[Exercise data — start]

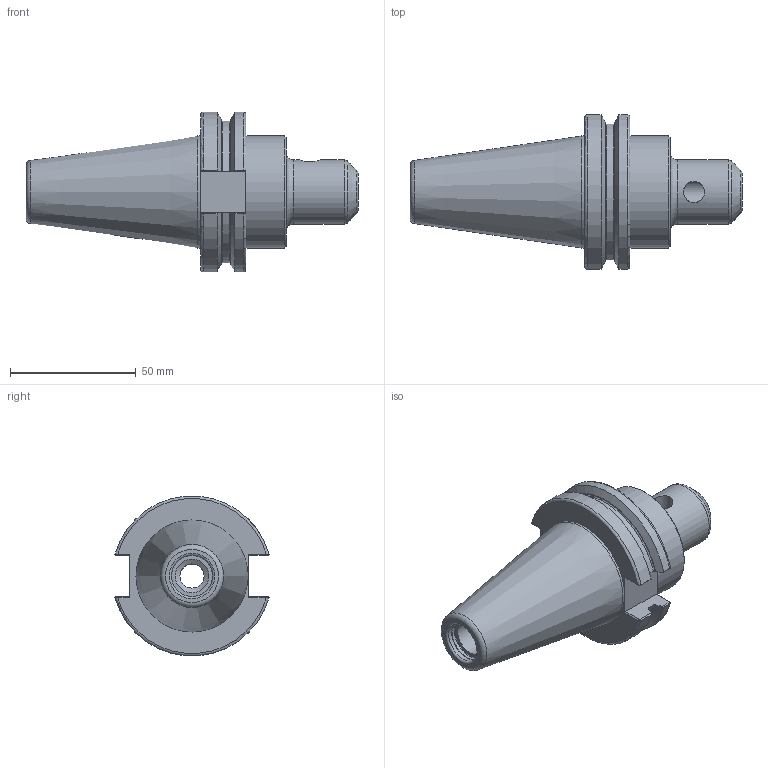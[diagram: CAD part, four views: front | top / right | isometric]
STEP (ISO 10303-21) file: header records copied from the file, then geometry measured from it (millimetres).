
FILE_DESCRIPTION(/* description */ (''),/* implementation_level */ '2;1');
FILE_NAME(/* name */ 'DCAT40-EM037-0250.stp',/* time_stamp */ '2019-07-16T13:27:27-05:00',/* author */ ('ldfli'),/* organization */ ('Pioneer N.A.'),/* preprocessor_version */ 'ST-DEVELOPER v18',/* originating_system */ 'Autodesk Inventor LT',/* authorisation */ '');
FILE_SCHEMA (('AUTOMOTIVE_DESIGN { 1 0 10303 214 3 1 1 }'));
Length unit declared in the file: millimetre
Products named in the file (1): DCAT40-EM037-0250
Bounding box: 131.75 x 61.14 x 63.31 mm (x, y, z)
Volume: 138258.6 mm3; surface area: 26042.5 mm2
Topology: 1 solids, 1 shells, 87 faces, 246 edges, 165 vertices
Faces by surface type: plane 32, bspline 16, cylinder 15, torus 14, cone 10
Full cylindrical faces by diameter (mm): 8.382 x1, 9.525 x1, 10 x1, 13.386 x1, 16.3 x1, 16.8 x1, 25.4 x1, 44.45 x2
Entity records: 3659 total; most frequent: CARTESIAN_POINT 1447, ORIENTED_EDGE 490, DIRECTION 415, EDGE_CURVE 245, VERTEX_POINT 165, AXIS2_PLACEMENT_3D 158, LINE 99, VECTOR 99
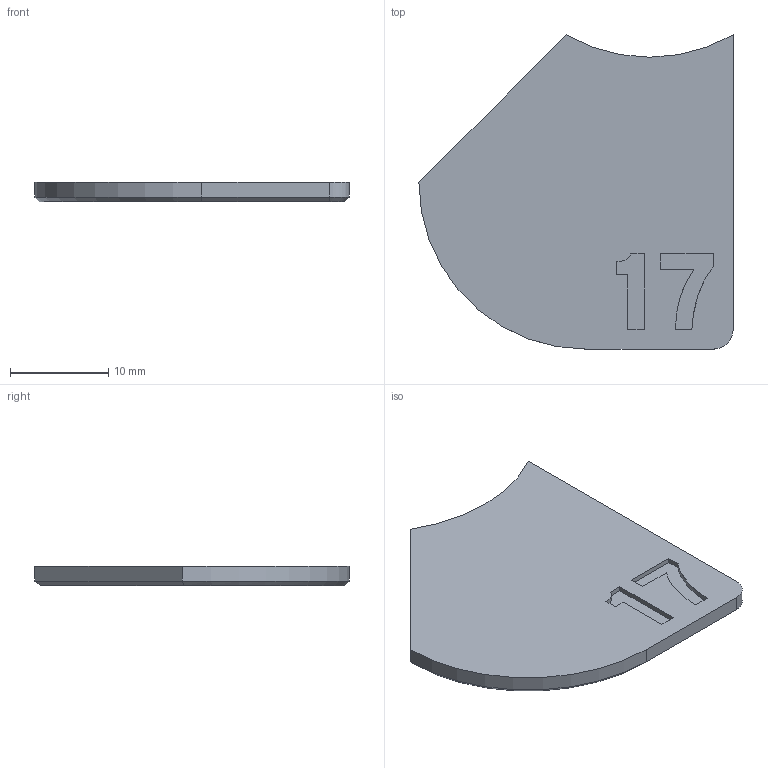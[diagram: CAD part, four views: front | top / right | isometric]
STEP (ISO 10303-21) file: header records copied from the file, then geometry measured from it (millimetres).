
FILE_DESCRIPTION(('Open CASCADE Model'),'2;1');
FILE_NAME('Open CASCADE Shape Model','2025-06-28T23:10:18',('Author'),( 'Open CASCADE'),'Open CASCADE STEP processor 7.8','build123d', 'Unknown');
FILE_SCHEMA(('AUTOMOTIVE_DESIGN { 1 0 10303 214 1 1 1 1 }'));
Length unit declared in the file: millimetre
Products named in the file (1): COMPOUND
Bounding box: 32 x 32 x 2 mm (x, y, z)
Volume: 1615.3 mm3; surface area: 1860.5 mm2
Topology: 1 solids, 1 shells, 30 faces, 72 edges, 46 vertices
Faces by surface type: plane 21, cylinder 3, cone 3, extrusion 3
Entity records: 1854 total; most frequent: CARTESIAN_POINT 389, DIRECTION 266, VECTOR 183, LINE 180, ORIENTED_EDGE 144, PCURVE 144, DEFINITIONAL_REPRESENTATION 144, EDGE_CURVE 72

[Exercise data — finish]

**Work request:**
Pictures stay out; everything else in the records gets copied exactly.

**Written solution:**
[diagram: CAD part, four views: front | top / right | isometric]
STEP (ISO 10303-21) file: header records copied from the file, then geometry measured from it (millimetres).
FILE_DESCRIPTION(/* description */ (''),/* implementation_level */ '2;1');
FILE_NAME(/* name */ 'DCAT40-EM037-0250.stp',/* time_stamp */ '2019-07-16T13:27:27-05:00',/* author */ ('ldfli'),/* organization */ ('Pioneer N.A.'),/* preprocessor_version */ 'ST-DEVELOPER v18',/* originating_system */ 'Autodesk Inventor LT',/* authorisation */ '');
FILE_SCHEMA (('AUTOMOTIVE_DESIGN { 1 0 10303 214 3 1 1 }'));
Length unit declared in the file: millimetre
Products named in the file (1): DCAT40-EM037-0250
Bounding box: 131.75 x 61.14 x 63.31 mm (x, y, z)
Volume: 138258.6 mm3; surface area: 26042.5 mm2
Topology: 1 solids, 1 shells, 87 faces, 246 edges, 165 vertices
Faces by surface type: plane 32, bspline 16, cylinder 15, torus 14, cone 10
Full cylindrical faces by diameter (mm): 8.382 x1, 9.525 x1, 10 x1, 13.386 x1, 16.3 x1, 16.8 x1, 25.4 x1, 44.45 x2
Entity records: 3659 total; most frequent: CARTESIAN_POINT 1447, ORIENTED_EDGE 490, DIRECTION 415, EDGE_CURVE 245, VERTEX_POINT 165, AXIS2_PLACEMENT_3D 158, LINE 99, VECTOR 99
[diagram: CAD part, four views: front | top / right | isometric]
STEP (ISO 10303-21) file: header records copied from the file, then geometry measured from it (millimetres).
FILE_DESCRIPTION(('Open CASCADE Model'),'2;1');
FILE_NAME('Open CASCADE Shape Model','2025-06-28T23:10:18',('Author'),( 'Open CASCADE'),'Open CASCADE STEP processor 7.8','build123d', 'Unknown');
FILE_SCHEMA(('AUTOMOTIVE_DESIGN { 1 0 10303 214 1 1 1 1 }'));
Length unit declared in the file: millimetre
Products named in the file (1): COMPOUND
Bounding box: 32 x 32 x 2 mm (x, y, z)
Volume: 1615.3 mm3; surface area: 1860.5 mm2
Topology: 1 solids, 1 shells, 30 faces, 72 edges, 46 vertices
Faces by surface type: plane 21, cylinder 3, cone 3, extrusion 3
Entity records: 1854 total; most frequent: CARTESIAN_POINT 389, DIRECTION 266, VECTOR 183, LINE 180, ORIENTED_EDGE 144, PCURVE 144, DEFINITIONAL_REPRESENTATION 144, EDGE_CURVE 72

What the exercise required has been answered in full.